Dataset entries:
++++++++

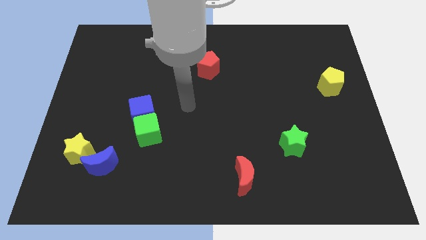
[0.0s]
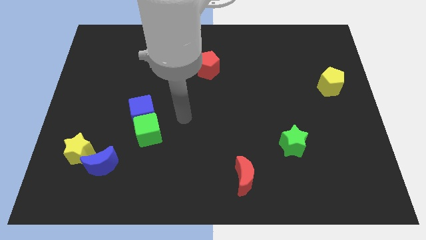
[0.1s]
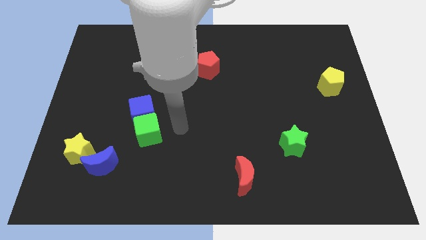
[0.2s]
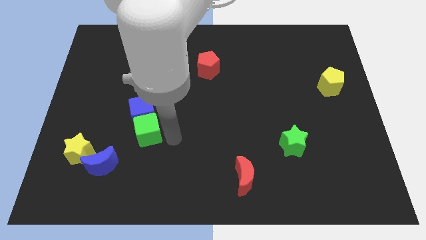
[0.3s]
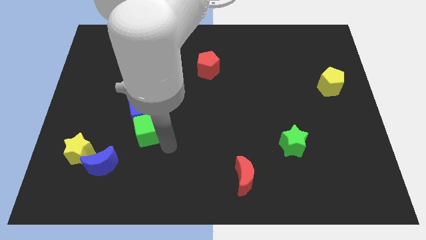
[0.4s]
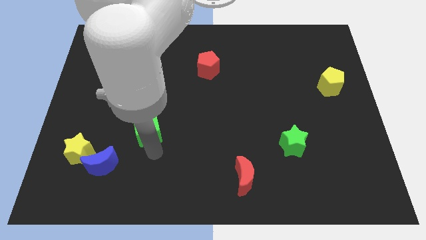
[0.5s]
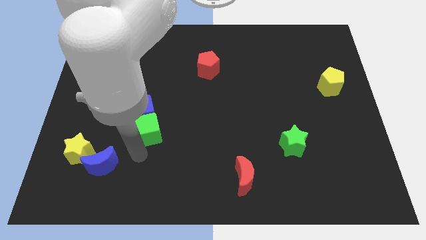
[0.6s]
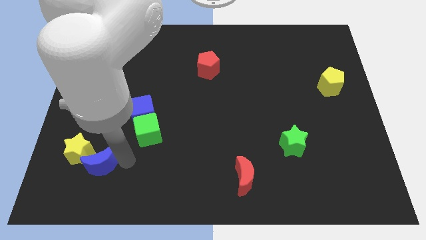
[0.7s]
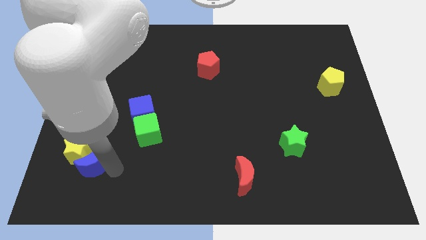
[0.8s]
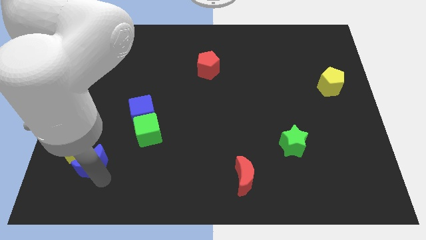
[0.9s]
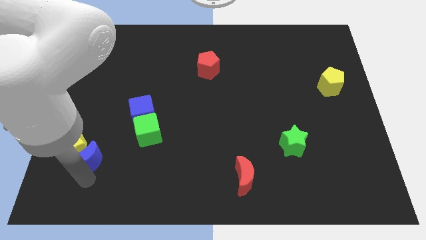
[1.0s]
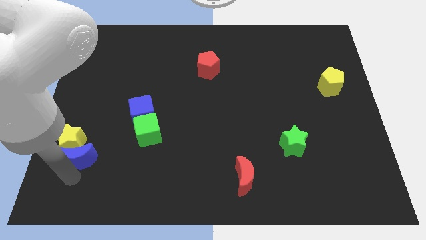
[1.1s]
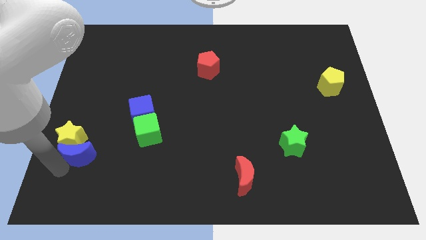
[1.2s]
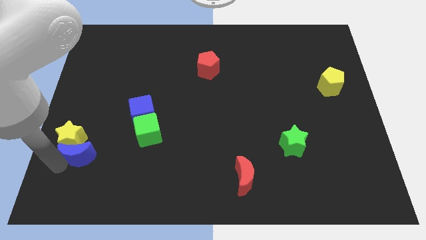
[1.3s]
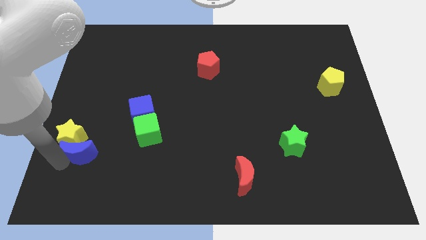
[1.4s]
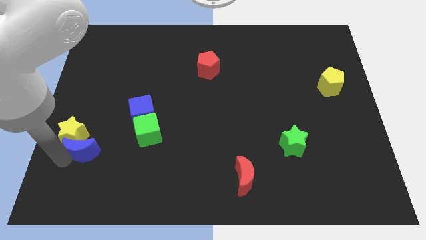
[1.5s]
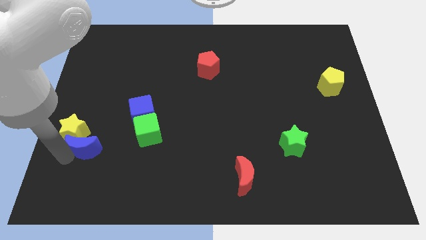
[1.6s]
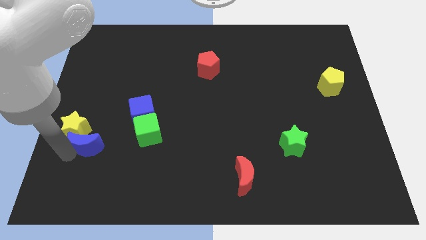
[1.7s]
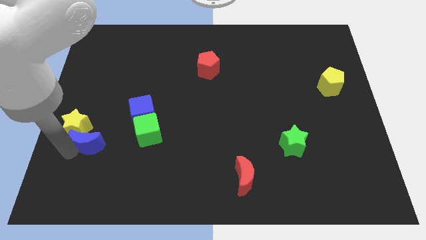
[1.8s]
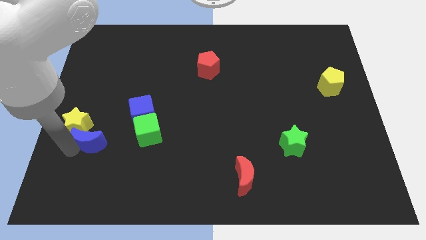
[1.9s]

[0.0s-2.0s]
slightly move the yellow star upwards

++++++++

WORK ITEM: An exact copy of all entries is needed, with no pictures in it.

SOLUTION FOR THIS TASK:
[0.0s]
[0.1s]
[0.2s]
[0.3s]
[0.4s]
[0.5s]
[0.6s]
[0.7s]
[0.8s]
[0.9s]
[1.0s]
[1.1s]
[1.2s]
[1.3s]
[1.4s]
[1.5s]
[1.6s]
[1.7s]
[1.8s]
[1.9s]

[0.0s-2.0s]
slightly move the yellow star upwards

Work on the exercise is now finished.